In the future, it will be of interest in particular to test agents such as Sativex, and perhaps CBD as an individual compound, in cerebellar ataxia. There are a number of general points to consider, including whether deficits in CB1R‐mediated signalling are hallmark characteristics of different forms of ataxia, how best to target such deficits and whether aberrant cannabinergic signalling represents a useful biomarker for early or asymptomatic cerebellar ataxia.
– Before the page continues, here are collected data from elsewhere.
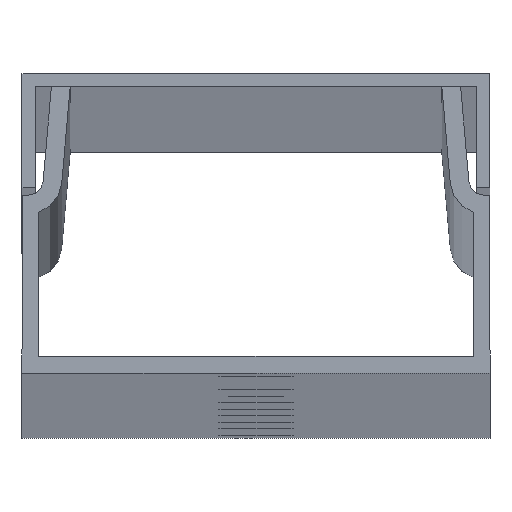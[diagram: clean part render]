
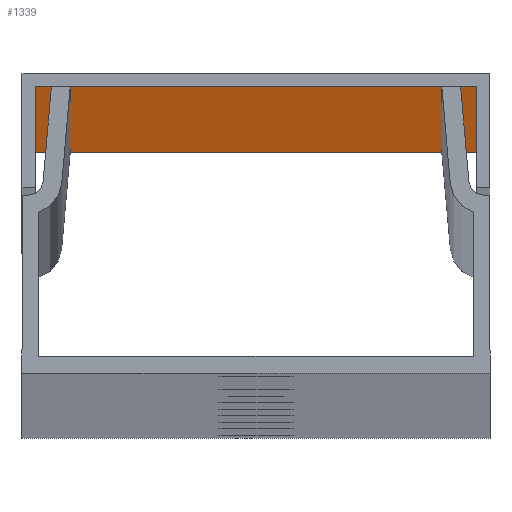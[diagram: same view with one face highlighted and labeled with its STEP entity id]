
A CAD part, top view. The second image highlights one B-rep face of the part: STEP entity #1339.
In plain terms, the highlighted planar face has unit normal (0, -1, 0).
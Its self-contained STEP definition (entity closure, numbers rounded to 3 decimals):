
#16 = EDGE_LOOP ( 'NONE', ( #1535, #447, #502, #381 ) ) ;
#83 = VECTOR ( 'NONE', #618, 1000. ) ;
#146 = VECTOR ( 'NONE', #1586, 1000. ) ;
#258 = EDGE_CURVE ( 'NONE', #1378, #347, #1696, .T. ) ;
#329 = VERTEX_POINT ( 'NONE', #1542 ) ;
#347 = VERTEX_POINT ( 'NONE', #1276 ) ;
#381 = ORIENTED_EDGE ( 'NONE', *, *, #1693, .T. ) ;
#388 = CARTESIAN_POINT ( 'NONE',  ( -11.8, 15.3, -1000. ) ) ;
#412 = VECTOR ( 'NONE', #1529, 1000. ) ;
#437 = DIRECTION ( 'NONE',  ( 0., -1., 0. ) ) ;
#447 = ORIENTED_EDGE ( 'NONE', *, *, #635, .F. ) ;
#502 = ORIENTED_EDGE ( 'NONE', *, *, #258, .F. ) ;
#618 = DIRECTION ( 'NONE',  ( 1., 0., 0. ) ) ;
#635 = EDGE_CURVE ( 'NONE', #347, #329, #1575, .T. ) ;
#660 = LINE ( 'NONE', #1114, #412 ) ;
#695 = VERTEX_POINT ( 'NONE', #968 ) ;
#746 = CARTESIAN_POINT ( 'NONE',  ( 11.5, 15.3, 1000. ) ) ;
#873 = PLANE ( 'NONE',  #1142 ) ;
#968 = CARTESIAN_POINT ( 'NONE',  ( 11.8, 15.3, -1000. ) ) ;
#1051 = CARTESIAN_POINT ( 'NONE',  ( -11.8, 15.3, -1000. ) ) ;
#1114 = CARTESIAN_POINT ( 'NONE',  ( 11.8, 15.3, -1000. ) ) ;
#1123 = LINE ( 'NONE', #1686, #83 ) ;
#1142 = AXIS2_PLACEMENT_3D ( 'NONE', #1194, #437, #1505 ) ;
#1194 = CARTESIAN_POINT ( 'NONE',  ( 11.5, 15.3, -1000. ) ) ;
#1196 = DIRECTION ( 'NONE',  ( 1., 0., 0. ) ) ;
#1276 = CARTESIAN_POINT ( 'NONE',  ( -11.8, 15.3, 1000. ) ) ;
#1339 = ADVANCED_FACE ( 'NONE', ( #1557 ), #873, .T. ) ;
#1378 = VERTEX_POINT ( 'NONE', #388 ) ;
#1454 = EDGE_CURVE ( 'NONE', #695, #329, #660, .T. ) ;
#1505 = DIRECTION ( 'NONE',  ( 1., 0., 0. ) ) ;
#1529 = DIRECTION ( 'NONE',  ( 0., 0., 1. ) ) ;
#1535 = ORIENTED_EDGE ( 'NONE', *, *, #1454, .T. ) ;
#1542 = CARTESIAN_POINT ( 'NONE',  ( 11.8, 15.3, 1000. ) ) ;
#1557 = FACE_OUTER_BOUND ( 'NONE', #16, .T. ) ;
#1575 = LINE ( 'NONE', #746, #1618 ) ;
#1586 = DIRECTION ( 'NONE',  ( 0., 0., 1. ) ) ;
#1618 = VECTOR ( 'NONE', #1196, 1000. ) ;
#1686 = CARTESIAN_POINT ( 'NONE',  ( -11.8, 15.3, -1000. ) ) ;
#1693 = EDGE_CURVE ( 'NONE', #1378, #695, #1123, .T. ) ;
#1696 = LINE ( 'NONE', #1051, #146 ) ;

The answer to such questions will go some way to determining if modulation of the eCB system has therapeutic utility in cerebellar ataxia.

Additional information

Competing interests

The author has no conflict of interest.

Funding

Work in my group included here was supported by The Wellcome Trust and an Ataxia UK Postgraduate Fellowship awarded to Xiaowei Wang, who also received a University of Reading Postgraduate Research Studentship Award and was co‐supervised by Prof. Benjamin Whalley. I also acknowledge the support of GW Pharmaceuticals in supplying material and associated grant funding during some of this work.